(Data items)

-- Opening Marker --

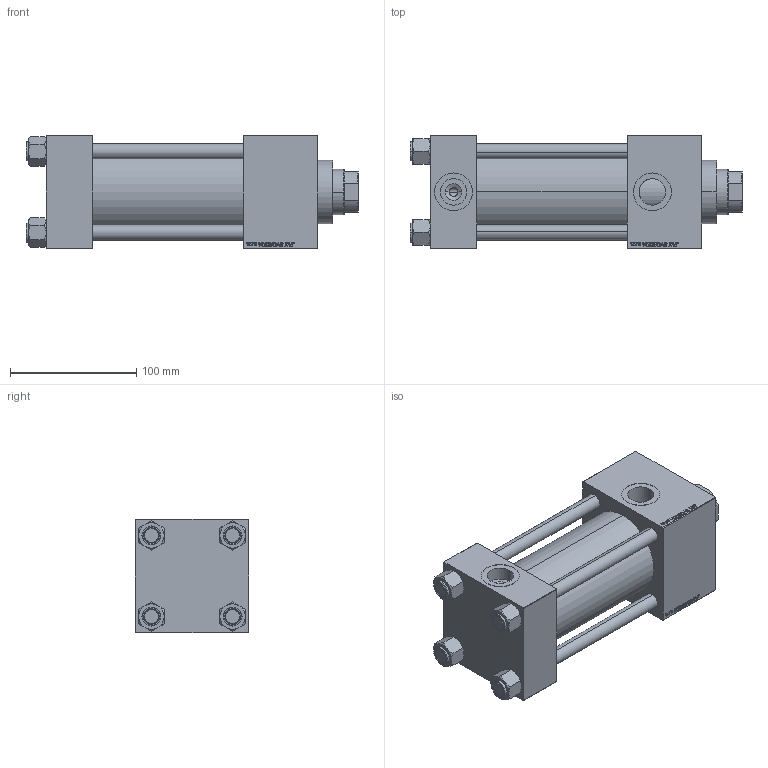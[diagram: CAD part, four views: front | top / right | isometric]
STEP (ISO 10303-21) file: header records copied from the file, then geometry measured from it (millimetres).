
FILE_DESCRIPTION (( 'STEP AP203' ), '1' );
FILE_NAME ('771c.STEP', '2022-04-15T14:30:18', ( '' ), ( '' ), 'SwSTEP 2.0', 'SolidWorks 2019', '' );
FILE_SCHEMA (( 'CONFIG_CONTROL_DESIGN' ));
Length unit declared in the file: millimetre
Products named in the file (6): NUT_M5_C 1908cff5bc0c509925530f39f537b9ff; V215CR_VCP_C 1908cff5bc0c509925530f39f537b9ff; V215CR_C_Body 1908cff5bc0c509925530f39f537b9ff; V215_VC_A 1908cff5bc0c509925530f39f537b9ff; 771c; V215CR_C_TYCINKA 1908cff5bc0c509925530f39f537b9ff
Assembly tree (11 placements, depth 2):
  771c
    V215CR_C_Body 1908cff5bc0c509925530f39f537b9ff
    V215CR_VCP_C 1908cff5bc0c509925530f39f537b9ff
    NUT_M5_C 1908cff5bc0c509925530f39f537b9ff  x4
    V215CR_C_TYCINKA 1908cff5bc0c509925530f39f537b9ff  x4
    V215_VC_A 1908cff5bc0c509925530f39f537b9ff
Bounding box: 263 x 90 x 90 mm (x, y, z)
Volume: 1093444.9 mm3; surface area: 225026.4 mm2
Topology: 11 solids, 11 shells, 1154 faces, 2889 edges, 1875 vertices
Faces by surface type: plane 528, bspline 392, cone 136, cylinder 90, torus 8
Entity records: 50395 total; most frequent: CARTESIAN_POINT 27149, ORIENTED_EDGE 5270, DIRECTION 3333, EDGE_CURVE 2635, VERTEX_POINT 1731, LINE 1595, VECTOR 1595, EDGE_LOOP 1164

-- Closing Marker --

* TASK TO COMPLETE
Lines that contain "records" are the result; find them in the entries above and copy each one.

* EXERCISE RESPONSE
STEP (ISO 10303-21) file: header records copied from the file, then geometry measured from it (millimetres).
Entity records: 50395 total; most frequent: CARTESIAN_POINT 27149, ORIENTED_EDGE 5270, DIRECTION 3333, EDGE_CURVE 2635, VERTEX_POINT 1731, LINE 1595, VECTOR 1595, EDGE_LOOP 1164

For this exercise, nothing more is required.